No solo la Covid 19 y el regreso de los rebrotes en todo el mundo pone nerviosas a las bolsas, sino las noticias de que la exuberancia irracional a la que habían llegado los mercados está dando señales de haber llegado a su fin; es decir, de que va a acabar imponiéndose la cordura, como ha pasado, más pronto o más tarde, siempre.

Dos ejemplos relativos a la locura del automóvil sostenible, representada en este caso por Nikola y Tesla.

Nikola, que anunció un camión empujado por hidrógeno (y que toma su nombre del famoso inventor Nikola Tesla), está en apuros por denuncias de haber engañado a los mercados en lo referente al avance de sus productos. De hecho su CEO ha dimitido y la SEC está investigándolos. Su cotización, que había ascendido a la luna, ha caído un 30%

Tesla también ha ascendido a los cielos, porque su fundador y CEO, el ínclito Elon Musk, no parece tener techo. Pero este año ha prometido al mercado que entregaría 500.000 vehículos, pero en el primer semestre solo ha entregado 179.000, por lo que será muy difícil que cumpla su promesa. Si eso ocurre, sin duda los inversores castigarán su cotización, bajándolo al menos un escalón del pedestal en el que lo han puesto.

Tiempos revueltos, amigo Sancho…

Renault, una inversión de libro

Renault ha registrado sus mayores pérdidas históricas. Se presentan como una combinación del impacto del coronavirus, de los malos resultados de su participada Nissan y, en general, del proceso salvaje de reconversión a la movilidad sostenible que está experimentando el sector. Todo eso es cierto, pero me da la impresión de que su nuevo presidente, el italiano y expresidente de Seat Luca di Meo, habrá tenido algo que ver en que se hayan cargado las tintas. Es algo muy típico que sucede cuando llega a la cúspide de una empresa un nuevo y ambicioso directivo. Se encuentra ante una situación complicada, en un momento en que los accionistas ya están mentalizados de que las cosas van mal, y el/ella aprovecha para limpiar la contabilidad a fondo.
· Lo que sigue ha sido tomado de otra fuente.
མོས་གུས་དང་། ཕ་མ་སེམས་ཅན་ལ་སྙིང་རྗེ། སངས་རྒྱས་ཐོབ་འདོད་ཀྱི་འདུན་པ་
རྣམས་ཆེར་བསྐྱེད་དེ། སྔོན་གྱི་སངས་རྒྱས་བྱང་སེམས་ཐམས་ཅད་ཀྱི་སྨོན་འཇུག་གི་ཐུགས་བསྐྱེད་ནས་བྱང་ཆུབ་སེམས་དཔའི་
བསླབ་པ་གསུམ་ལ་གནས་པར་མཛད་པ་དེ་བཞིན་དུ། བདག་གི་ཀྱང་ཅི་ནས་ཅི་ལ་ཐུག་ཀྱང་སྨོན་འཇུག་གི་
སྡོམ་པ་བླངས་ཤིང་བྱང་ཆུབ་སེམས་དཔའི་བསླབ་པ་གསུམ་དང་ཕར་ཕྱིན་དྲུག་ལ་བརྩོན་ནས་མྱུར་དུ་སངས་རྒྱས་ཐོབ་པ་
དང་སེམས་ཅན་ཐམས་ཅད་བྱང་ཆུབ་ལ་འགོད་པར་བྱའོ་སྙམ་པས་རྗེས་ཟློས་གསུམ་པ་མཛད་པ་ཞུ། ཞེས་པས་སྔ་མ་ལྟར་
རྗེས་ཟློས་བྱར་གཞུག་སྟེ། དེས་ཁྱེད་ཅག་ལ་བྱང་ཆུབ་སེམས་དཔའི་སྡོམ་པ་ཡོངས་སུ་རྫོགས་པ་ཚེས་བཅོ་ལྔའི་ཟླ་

Yo creo en Di Meo, que ha demostrado en Seat que sabe hacer bien las cosas. Estoy seguro de que desde aquí, en el fondo de la crisis, el nuevo presidente va a dar a los accionistas de Renault muy buenas alegrías en los próximos años.

Conviene recordar cómo se crea o destruye valor

Estos días me han recordado que se crea valor cuando el ROCE (el retorno sobre el capital empleado) es superior al WACC (para simplificar el coste del capital empleado). Aunque creo que es obvio, no está de más recordarlo. Y en especial en estos tiempos de crisis e incertidumbre.
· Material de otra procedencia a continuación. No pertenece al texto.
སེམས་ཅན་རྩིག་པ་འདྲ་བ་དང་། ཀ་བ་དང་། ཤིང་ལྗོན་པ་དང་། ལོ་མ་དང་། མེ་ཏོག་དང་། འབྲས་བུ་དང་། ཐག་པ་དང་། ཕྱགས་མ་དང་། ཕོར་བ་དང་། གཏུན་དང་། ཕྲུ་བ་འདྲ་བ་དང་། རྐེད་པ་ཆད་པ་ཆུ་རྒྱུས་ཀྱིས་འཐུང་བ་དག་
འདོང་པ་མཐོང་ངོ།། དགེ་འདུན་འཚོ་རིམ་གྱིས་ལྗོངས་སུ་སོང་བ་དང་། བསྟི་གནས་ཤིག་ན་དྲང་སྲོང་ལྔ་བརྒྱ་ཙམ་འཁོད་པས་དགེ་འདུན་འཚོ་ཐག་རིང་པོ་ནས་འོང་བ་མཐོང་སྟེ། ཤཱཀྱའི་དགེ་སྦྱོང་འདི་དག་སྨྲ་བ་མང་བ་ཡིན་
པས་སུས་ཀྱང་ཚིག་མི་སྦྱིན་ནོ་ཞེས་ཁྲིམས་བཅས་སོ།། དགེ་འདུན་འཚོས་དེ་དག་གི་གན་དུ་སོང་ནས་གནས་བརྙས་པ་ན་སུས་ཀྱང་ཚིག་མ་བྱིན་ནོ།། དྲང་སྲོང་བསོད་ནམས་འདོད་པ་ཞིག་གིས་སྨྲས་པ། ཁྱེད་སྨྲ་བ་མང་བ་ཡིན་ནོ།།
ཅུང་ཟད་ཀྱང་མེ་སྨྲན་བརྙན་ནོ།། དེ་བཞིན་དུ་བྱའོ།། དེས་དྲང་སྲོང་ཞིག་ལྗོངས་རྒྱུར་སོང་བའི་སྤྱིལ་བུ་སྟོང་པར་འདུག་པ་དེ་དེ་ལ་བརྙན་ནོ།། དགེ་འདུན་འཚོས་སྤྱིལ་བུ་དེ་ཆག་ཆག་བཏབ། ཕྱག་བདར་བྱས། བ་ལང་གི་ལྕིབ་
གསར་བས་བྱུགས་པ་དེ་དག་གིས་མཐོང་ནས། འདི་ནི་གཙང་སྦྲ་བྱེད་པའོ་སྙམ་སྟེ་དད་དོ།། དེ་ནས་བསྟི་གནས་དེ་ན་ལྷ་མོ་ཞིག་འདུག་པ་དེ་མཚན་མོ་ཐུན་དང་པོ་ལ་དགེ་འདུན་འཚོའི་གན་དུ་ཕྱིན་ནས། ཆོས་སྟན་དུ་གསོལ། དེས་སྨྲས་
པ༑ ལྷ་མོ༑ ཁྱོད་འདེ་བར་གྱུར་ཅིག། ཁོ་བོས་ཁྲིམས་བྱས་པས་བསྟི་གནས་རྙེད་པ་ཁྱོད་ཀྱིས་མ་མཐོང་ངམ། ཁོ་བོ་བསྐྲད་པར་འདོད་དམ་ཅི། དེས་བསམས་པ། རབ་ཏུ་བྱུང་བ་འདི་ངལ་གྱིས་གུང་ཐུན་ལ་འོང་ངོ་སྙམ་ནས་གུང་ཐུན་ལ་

El ROCE es el resultado de dividir el EBIT (el beneficio antes de intereses e impuestos) por la totalidad de capital que estamos empleando (la suma de los fondos propios más la deuda financiera). Y el WACC es el resultado de dividir el coste anual real y contabilizado de la deuda más el coste estimado de los fondos propios (lo que los inversores quieren obtener por el dinero que han invertido en la empresa) por la totalidad del capital empleado (fondos propios más deuda financiera).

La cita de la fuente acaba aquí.